Whilst there were no clear predictive biomarkers indicating membership of a given trajectory, changes in biomarker levels indicate a difference in molecular response between patients. This is true of bone biomarkers as well as inflammatory markers. Interestingly, earlier analysis of the current data set has shown that a combination of bone and connective markers was predictive of radiographic progression more so than any of the disease activity measures—again supporting the missing link between structural burden and progression and changes in DAS or other disease activity measures22,23. Further research into the clinical and molecular differences between patients may allow for more targeted treatment strategies. Comorbidities and multi-morbidities play a large role in defining the underlying biology of a patient, which can have profound effects on treatment response24,25. Adopting a more holistic approach, incorporating multiple data sources may allow for a better understanding of disease aetiology. By tailoring clinical trial design to allow for discrepancies in patient endotypes, one may expect higher response rates and fewer adverse events.

Strengths and limitations

This study was strengthened by the availability of serological biomarkers of tissue turnover, made available at multiple time points. This allowed a more in-depth analysis of each of the trajectories identified. Unfortunately, other variables such as ACPA and RF positivity were not available which may have given more insight in to the response trajectories identified and the underlining phenotype of the patients26,27. Since the data used in this study was from a randomised controlled trial, many conditions may not reflect those seen in the clinic. For that reason, it may be difficult to translate any of the findings directly to clinical use.

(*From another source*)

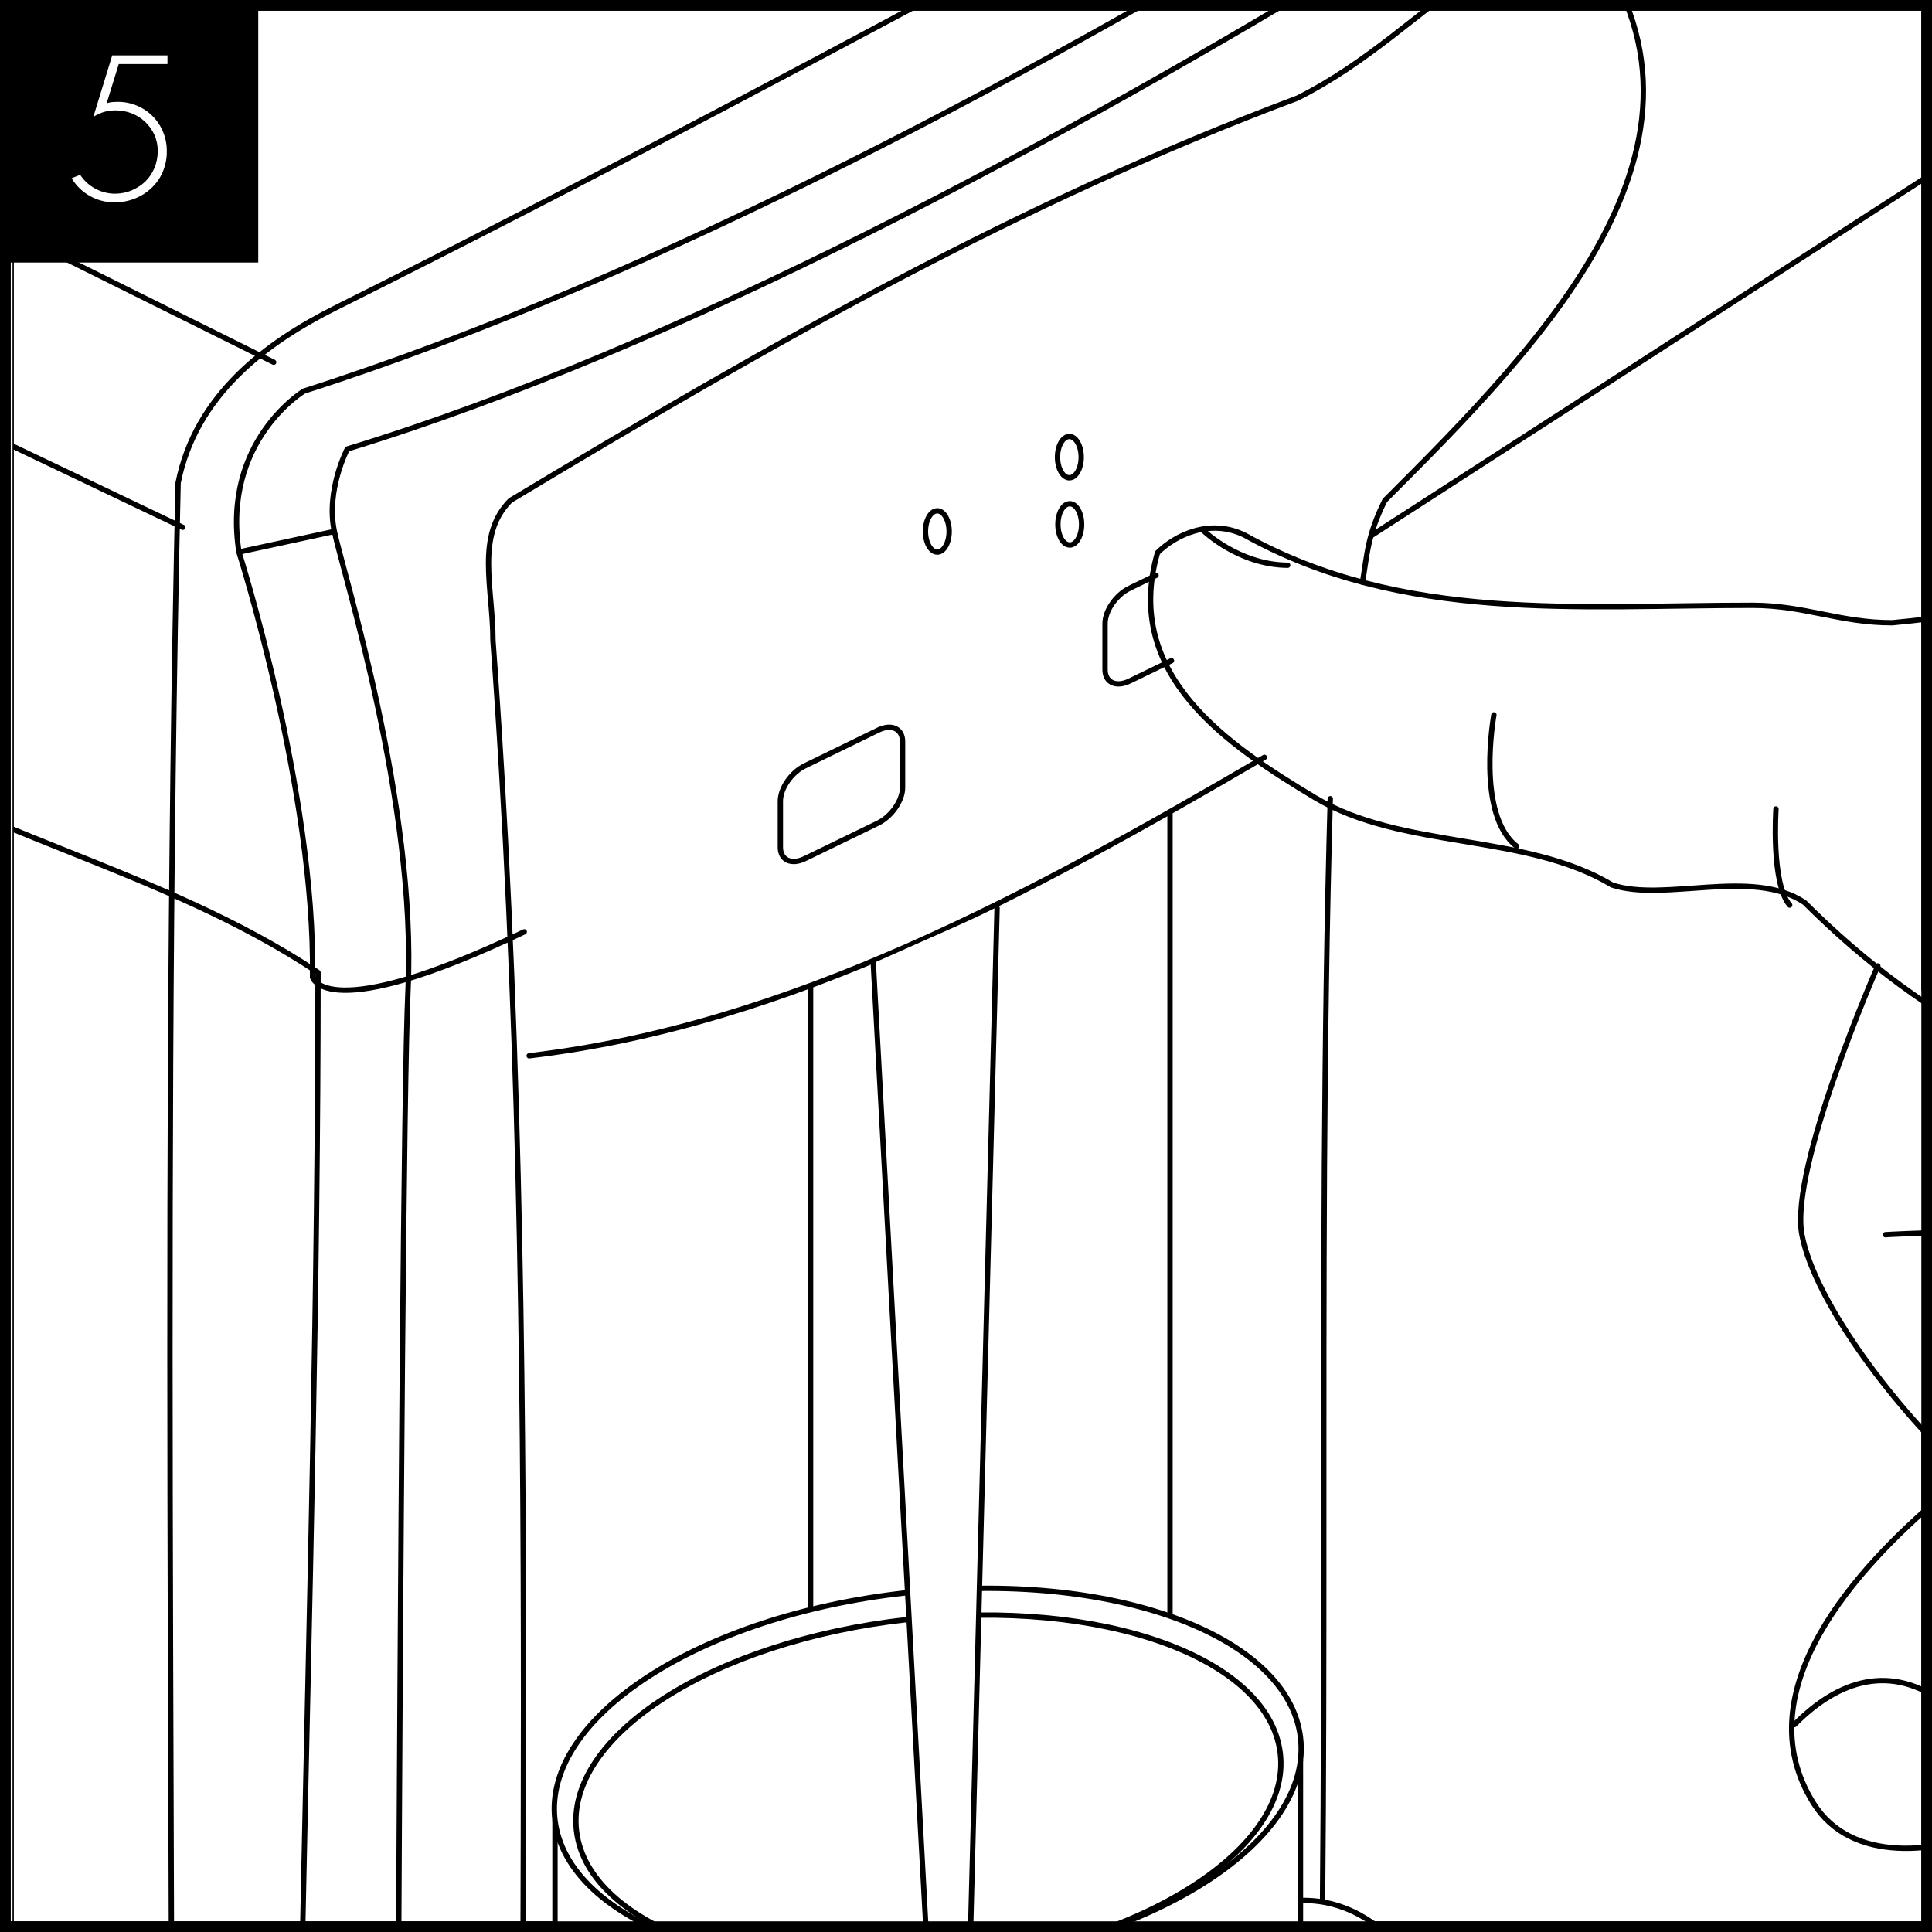 <?xml version="1.0" encoding="UTF-8"?> <!-- Generator: Adobe Illustrator 25.3.1, SVG Export Plug-In . SVG Version: 6.00 Build 0) --> <svg xmlns="http://www.w3.org/2000/svg" xmlns:xlink="http://www.w3.org/1999/xlink" version="1.1" id="Layer_1" x="0px" y="0px" viewBox="0 0 1451.3 1451.3" style="enable-background:new 0 0 1451.3 1451.3;" xml:space="preserve"><rect x="0" y="0" width="1451.3" height="1451.3" fill="#808080" stroke="none"/> <style type="text/css"> .st0{fill:#FFFFFF;} .st1{clip-path:url(#SVGID_2_);} .st2{fill:none;stroke:#000000;stroke-width:4;stroke-linecap:round;stroke-linejoin:round;} .st3{clip-path:url(#SVGID_4_);} .st4{clip-path:url(#SVGID_6_);} .st5{fill:none;stroke:#000000;} </style> <rect x="4" y="4" class="st0" width="1443.3" height="1443.3"></rect> <path d="M1443.3,8v1435.3H8V8H1443.3 M1451.3,0H0v1451.3h1451.3C1451.3,1451.3,1451.3,0,1451.3,0z"></path> <g> <defs> <rect id="SVGID_1_" x="9.9" y="0" width="1441.5" height="1449.8"></rect> </defs> <clipPath id="SVGID_2_"> <use xlink:href="#SVGID_1_" style="overflow:visible;"></use> </clipPath> <g class="st1"> <path class="st2" d="M713,399.2c0,8.6-4,15.5-8.9,15.5c-4.9,0-8.9-6.9-8.9-15.5s4-15.5,8.9-15.5C709,383.7,713,390.7,713,399.2z M812.5,393.9c0,8.6-4,15.5-8.9,15.5s-8.9-6.9-8.9-15.5s4-15.5,8.9-15.5S812.5,385.3,812.5,393.9L812.5,393.9z M812.2,343.4 c0,8.6-4,15.5-8.9,15.5c-4.9,0-8.9-6.9-8.9-15.5s4-15.5,8.9-15.5C808.2,327.9,812.2,334.9,812.2,343.4L812.2,343.4z M678,591.7 c0,9.7-8.3,21.6-18.4,26.6l-55,26.7c-10.2,4.9-18.4,1.1-18.4-8.6v-34.6c0-9.7,8.3-21.6,18.4-26.5l55-26.8 c10.2-5,18.4-1.1,18.4,8.6L678,591.7z M1396.1-372.8L866.1-590 M205.6,272.1L-231.2,55 M137.3,396.1l-368.5-175.8 M608.9,1636.5 V740.8 M878.9,1630.3V610.1 M228.4,2172.9l-390.2-220.2 M1023.5,437.4c3.5-20.8,3.7-35.2,16.8-61.5 c118.2-118.2,275.9-275.9,144.5-433.6c-13.1-13.1-52.6,26.3-78.8,39.4c-39.4,26.3-78.8,65.7-131.4,92 c-210.2,78.8-394.1,183.9-591.2,302.2c-26.3,26.3-13.1,65.7-13.1,105.1c39.4,538.7,13.1,1064.2,26.3,1589.7 c0,13.1,26.3,26.3,26.3,39.4c-13.1,78.8-105.1,78.8-170.8,78.8c-13.1,0-26.3-13.1-26.3-26.3c-13.1-473,13.1-959.1,13.1-1432.1 c-118.2-78.8-262.8-105.1-381-183.9c-26.3-13.1-65.7-13.1-89.1-32.8 M1523,1310.2c3.4,51.1,16.5,116.7-9.7,156.2 c-78.8,157.7-275.9,197.1-413.2,325.2c-5-37.5,40.3-16,0,0c-8-55-59-89-112.3-88.7c12.7-367.5,1.1-735.4,11.5-1102.9 M1526.1,761.4c-2.7,115.4-3.7,230.9-0.4,346.3 M127.5,2113.2c6.3-581.2-6.9-1172.4,6.3-1750.5C146.9,297,199.4,257.6,252,231.3 C646.1,34.3,1014-176,1395-373c236.5,197.1,118.2,551.8,140.6,824.8 M393.8,700c-149.6,71.3-159,34.1-159,34.1 c2-139.4-55.3-319.4-55.3-319.4 M880,496.3l-31.5,15.3c-10.2,4.9-18.4,1.1-18.4-8.6v-34.6c0-9.7,8.3-21.6,18.4-26.5l19.9-9.7 M417,2126.4c0,0,97.6,111.6,244,55.8l338.3-159c0,0,74.8-43.4,84.6-99.2c9.7-55.8,16.3-132.5,16.3-132.5 M397.5,793.1 C593.6,770,773.9,671.7,949.8,568.9 M1544,70.6L1030,402.4 M251.1,399.2l-71.6,15.5c-13-83.7,48.8-120.9,48.8-120.9 C761.8,123.3,1405.8-345,1405.8-345l26-6.2 M1480.7-292.2c0,0-29.3-27.9-45.5-12.4c-16.3,15.5-676.6,489.9-1174.3,641.9 c0,0-16.3,31-9.7,62c6.5,31,61.8,204.7,55.3,344.2c-6.5,139.5-9.7,1438.8-9.7,1438.8"></path> <path class="st0" d="M979.5,1427.6c-59.9,0-108.4,62.9-108.4,140.6c0-50.2,36.9-91,82.4-91c45.5,0,82.4,40.7,82.4,91 c0,50.2-36.9,91-82.4,91c-45.5,0-82.4-40.7-82.4-91c0,77.6,48.5,140.6,108.4,140.6c59.9,0,108.4-62.9,108.4-140.6 S1039.4,1427.6,979.5,1427.6"></path> <path class="st2" d="M979.5,1427.6c-59.9,0-108.4,62.9-108.4,140.6c0-50.2,36.9-91,82.4-91c45.5,0,82.4,40.7,82.4,91 c0,50.2-36.9,91-82.4,91c-45.5,0-82.4-40.7-82.4-91c0,77.6,48.5,140.6,108.4,140.6c59.9,0,108.4-62.9,108.4-140.6 S1039.4,1427.6,979.5,1427.6z"></path> <path class="st0" d="M416.9,1367.4v471.1c9.5,77.1,142.5,125.7,297.1,108.4c154.6-17.2,272.4-93.7,262.9-170.8v-453.5"></path> <path class="st2" d="M416.9,1367.4v471.1c9.5,77.1,142.5,125.7,297.1,108.4c154.6-17.2,272.4-93.7,262.9-170.8v-453.5"></path> <path class="st0" d="M976.9,1305c9.5,77.1-108.2,153.6-262.9,170.8c-154.6,17.2-287.6-31.3-297.1-108.4 c-9.4-77.1,108.2-153.6,262.9-170.8C834.4,1179.3,967.5,1227.9,976.9,1305"></path> <path class="st2" d="M976.9,1305c9.5,77.1-108.2,153.6-262.9,170.8c-154.6,17.2-287.6-31.3-297.1-108.4 c-9.4-77.1,108.2-153.6,262.9-170.8C834.4,1179.3,967.5,1227.9,976.9,1305z"></path> <path class="st0" d="M961.7,1316.8c8.8,71.6-102.4,142.9-248.4,159.1c-146,16.3-271.4-28.6-280.2-100.2 c-8.8-71.6,102.4-142.9,248.4-159.1C827.5,1200.2,952.9,1245.1,961.7,1316.8"></path> <path class="st2" d="M961.7,1316.8c8.8,71.6-102.4,142.9-248.4,159.1c-146,16.3-271.4-28.6-280.2-100.2 c-8.8-71.6,102.4-142.9,248.4-159.1C827.5,1200.2,952.9,1245.1,961.7,1316.8z"></path> </g> </g> <polygon class="st0" points="656,723.5 696.2,1449.8 728.8,1449.8 749,682.2 "></polygon> <g> <defs> <rect id="SVGID_3_" x="9.9" y="0" width="1441.5" height="1449.8"></rect> </defs> <clipPath id="SVGID_4_"> <use xlink:href="#SVGID_3_" style="overflow:visible;"></use> </clipPath> <g class="st3"> <polyline class="st2" points="749,682.2 728.6,1468.9 696.9,1473.1 656,723.5 "></polyline> <path class="st0" d="M1410.6,725.6c0,0-66.6,151.5-57,202c9.6,50.5,71.2,132.7,126.3,181.9c0,0,123.2-58.8,165.6-110.1 c0,0-33.3-52.1-80.3-61.8l0.6-8.6c0,0,39.5-38.5,43.1-92.4"></path> <path class="st2" d="M1410.6,725.6c0,0-66.6,151.5-57,202s71.2,132.7,126.3,181.9c0,0,123.2-58.8,165.6-110.1 c0,0-33.3-52.1-80.3-61.8l0.6-8.6c0,0,39.5-38.5,43.1-92.4 M1690.2,1065.6c0,0,68.2,35.7,81.2,115.3 M1574.9,1141.9 c0,0,17.9,73.1,84.4,105.5 M904.1,398.7c0,0,26.4,25.6,63.2,25.9 M1461.6,739.9c0,0,61.5,19.3,87.6,18.9c26-0.4,67.9,56,99.2,73.3 M1334.1,607.7c0,0-3.8,56.1,10.3,72.2 M1122.2,537c0,0-13.7,74.9,17.1,98.7 M1416.3,927.5c0,0,115.3-7.4,148.8,10.1"></path> </g> </g> <g> <defs> <rect id="SVGID_5_" x="746" y="217.1" width="705.4" height="1173.6"></rect> </defs> <clipPath id="SVGID_6_"> <use xlink:href="#SVGID_5_" style="overflow:visible;"></use> </clipPath> <g class="st4"> <path class="st2" d="M1491.9,1306.5c32.1,31.9,26.6,38.8-4.2,70 M1348,1295.5c33.4-33.9,72.8-46,112.9-15.9 M1456.6,1125.5 c-59.8,50.6-147.4,144.1-94.3,229.1c28.7,45.9,93.6,37.5,137,19.2c159.7-67.1,296-189.6,446.1-274.1 c25.9-14.6,49.9-16.4,78.7-23.8c68.5-17.6,134.7-47.8,190.1-92.1 M1838.3,392.8c-141.1,9.3-272.5,61.9-417,75 c-39.4,0-65.7-13.1-105.1-13.1c-131.4,0-262.8,13.1-381-52.6c-26.3-13.1-52.6,0-65.7,13.1c-26.3,92,52.6,144.5,118.2,183.9 c65.7,39.4,157.7,26.3,223.3,65.7c39.4,13.1,105.1-13.1,144.5,13.1c92,92,197.1,144.5,328.5,170.8c39.4,13.1,52.6,65.7,26.3,92 c-78.8,78.8-170.8,105.1-245.6,177.8"></path> </g> </g> <rect x="9.9" y="0" class="st5" width="1441.5" height="1449.9"></rect> <rect y="3.2" width="194" height="194"></rect> <path class="st0" d="M89.2,48.1l-9.1,29.5c1.3-0.5,2.7-0.8,4.1-0.9c1.4-0.1,2.8-0.2,4.1-0.2c9.9-0.1,19.4,3.8,26.4,10.8 c6.9,7,10.7,16.5,10.6,26.3c0.1,5.3-1,10.5-3,15.4c-1.9,4.6-4.8,8.7-8.4,12.1c-3.6,3.5-7.9,6.2-12.5,8c-4.9,2-10.1,2.9-15.4,2.9 c-13.2,0.1-25.4-6.8-32.2-18.1l6.4-2.6c5.8,8.8,15.5,14.1,26,14.2c4.4,0,8.7-0.8,12.7-2.5c3.8-1.6,7.3-3.8,10.3-6.7 c2.9-2.9,5.2-6.3,6.8-10.1c1.7-4.1,2.5-8.4,2.5-12.8c0-4.2-0.8-8.3-2.5-12.1c-1.6-3.6-4-6.9-6.9-9.7c-2.9-2.8-6.4-5-10.1-6.4 c-3.9-1.6-8.1-2.3-12.3-2.3c-2.9,0-5.9,0.4-8.7,1.2c-2.8,0.9-5.4,2.1-7.9,3.7l14.2-46.2h41.5v6.5L89.2,48.1z"></path> <path d="M1443.3,8v1435.3H8V8H1443.3 M1451.3,0H0v1451.3h1451.3C1451.3,1451.3,1451.3,0,1451.3,0z"></path> </svg>

The use of DAS28 to profile patient’s response demonstrated the heterogeneity in a clinical trial population with varying degrees of response. This score incorporates subjective measures of pain and swelling which may increase a large degree of noise into the data. By using non-subjective measures of drug response such as imaging biomarkers, molecular disease scoring systems or radiographic scores, a truer picture of physical drug response may be obtained.

Conclusion

Statistical learning allowed the identification of distinct trajectories of patient response to anti-IL6 treatments. Through the identification of more homogenous populations of drug response, more targeted therapeutic treatment regimens may be achieved. Through the incorporation of clinical and biochemical disease parameters, as well as initial disease severity, it maybe possible to improve on current response rates.